According to the above description, the elastic layer 2 having the
low concentration region 2c can be formed on the substrate 1.
(iii) Step of Forming Adhesive Layer and Step of Forming Releasing
Layer
Next, as is illustrated in FIG. 4, an adhesive 8 such as an
addition-curable type silicone rubber adhesive is applied onto the
second surface B2 of the elastic layer 2 formed on the substrate 1,
and then is covered with a resin tube 9.
A method for covering the resin tube 9 is not limited in
particular, but usable methods include a method of covering the
adhesive while regarding the adhesive as a lubricant, and a method
of expanding the resin tube from the outside and covering the
adhesive 8.
If the inner surface of the resin tube 9 is previously subjected to
treatments such as sodium treatment, excimer laser treatment and
ammonia treatment, the treatments can further enhance adhesiveness
of the inner surface with the adhesive layer.

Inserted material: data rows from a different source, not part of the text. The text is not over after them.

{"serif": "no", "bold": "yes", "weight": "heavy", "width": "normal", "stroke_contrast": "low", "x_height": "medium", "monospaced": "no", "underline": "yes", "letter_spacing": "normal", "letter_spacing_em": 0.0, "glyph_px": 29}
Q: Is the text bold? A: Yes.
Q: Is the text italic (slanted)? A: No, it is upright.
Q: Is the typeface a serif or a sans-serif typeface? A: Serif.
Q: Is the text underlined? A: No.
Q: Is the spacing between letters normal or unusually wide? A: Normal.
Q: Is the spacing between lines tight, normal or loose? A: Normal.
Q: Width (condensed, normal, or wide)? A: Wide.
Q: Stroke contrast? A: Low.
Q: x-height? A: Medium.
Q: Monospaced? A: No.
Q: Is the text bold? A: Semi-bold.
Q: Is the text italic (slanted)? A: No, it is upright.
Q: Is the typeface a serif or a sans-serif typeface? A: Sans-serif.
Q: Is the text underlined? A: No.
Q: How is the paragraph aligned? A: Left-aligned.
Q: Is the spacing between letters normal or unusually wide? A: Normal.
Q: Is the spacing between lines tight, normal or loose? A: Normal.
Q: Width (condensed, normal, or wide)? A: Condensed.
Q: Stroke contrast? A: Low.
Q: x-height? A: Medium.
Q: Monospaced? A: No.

Here, it is also possible to extract the excess adhesive 8 which
has remained between the elastic layer 2 and the resin tube 9 with
the use of unillustrated means and thereby to remove the adhesive.
It is preferable to control the thickness of the adhesive layer
after the adhesive layer has been removed to 20 .mu.m or less, from
the viewpoint of the heat transfer properties.

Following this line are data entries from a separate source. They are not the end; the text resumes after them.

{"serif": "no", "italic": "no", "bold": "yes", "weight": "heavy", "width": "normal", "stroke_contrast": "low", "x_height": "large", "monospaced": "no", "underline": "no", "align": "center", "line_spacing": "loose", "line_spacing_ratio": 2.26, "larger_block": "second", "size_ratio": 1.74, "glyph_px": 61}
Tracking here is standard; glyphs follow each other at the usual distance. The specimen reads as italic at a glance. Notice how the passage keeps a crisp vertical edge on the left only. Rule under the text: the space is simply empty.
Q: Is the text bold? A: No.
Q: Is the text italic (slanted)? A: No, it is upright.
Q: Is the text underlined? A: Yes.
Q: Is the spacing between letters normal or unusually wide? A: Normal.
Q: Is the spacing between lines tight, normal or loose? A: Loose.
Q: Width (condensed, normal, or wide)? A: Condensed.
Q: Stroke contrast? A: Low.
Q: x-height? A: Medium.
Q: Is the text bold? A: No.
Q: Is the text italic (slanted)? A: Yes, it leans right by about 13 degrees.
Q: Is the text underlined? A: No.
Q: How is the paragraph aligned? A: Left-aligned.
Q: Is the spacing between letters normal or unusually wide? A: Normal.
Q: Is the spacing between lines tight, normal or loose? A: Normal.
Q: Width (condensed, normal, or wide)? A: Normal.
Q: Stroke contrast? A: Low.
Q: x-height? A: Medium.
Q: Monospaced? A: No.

Next, the member having the adhesive 8 and the resin tube 9 on the
elastic layer is heated by a heating unit such as an electric
furnace for a predetermined period of time, thereby the adhesive 8
is cured and adhered to the resin tube 9, and the adhesive layer 3
and the releasing layer 4 can be formed on the elastic layer 2. The
conditions of the heating time, the heating temperature and the
like can be appropriately set according to the adhesive which has
been used and the like. Both ends of the obtained member are cut
into a desired length, and the fixing belt according to the present
aspect can be obtained.
<Heat Fixing Apparatus>
In a heat fixing apparatus according to one aspect of the present
disclosure, a pair of rotating bodies which work as fixing members
such as a pair of heated roller and roller, a belt and a roller,
and a belt and a belt are arranged so as to come in pressure
contact with each other. Such a fixing member has the fixing member
according to the present aspect.
(1) Heating Belt--Pressing Belt Type of Heat Fixing Apparatus
An electromagnetic induction heating type of a heat fixing
apparatus is illustrated as one example of a heat fixing apparatus
according to the present aspect, with reference to FIGS. 5, 6A and
6B. This heat fixing apparatus includes a heating belt 11 as the
heating member, and a pressing belt 12 as a pressing member which
is arranged opposite to the heating member and is brought into
pressure contact with the heating member. In addition, the heating
belt 11 has the fixing member according to the present aspect.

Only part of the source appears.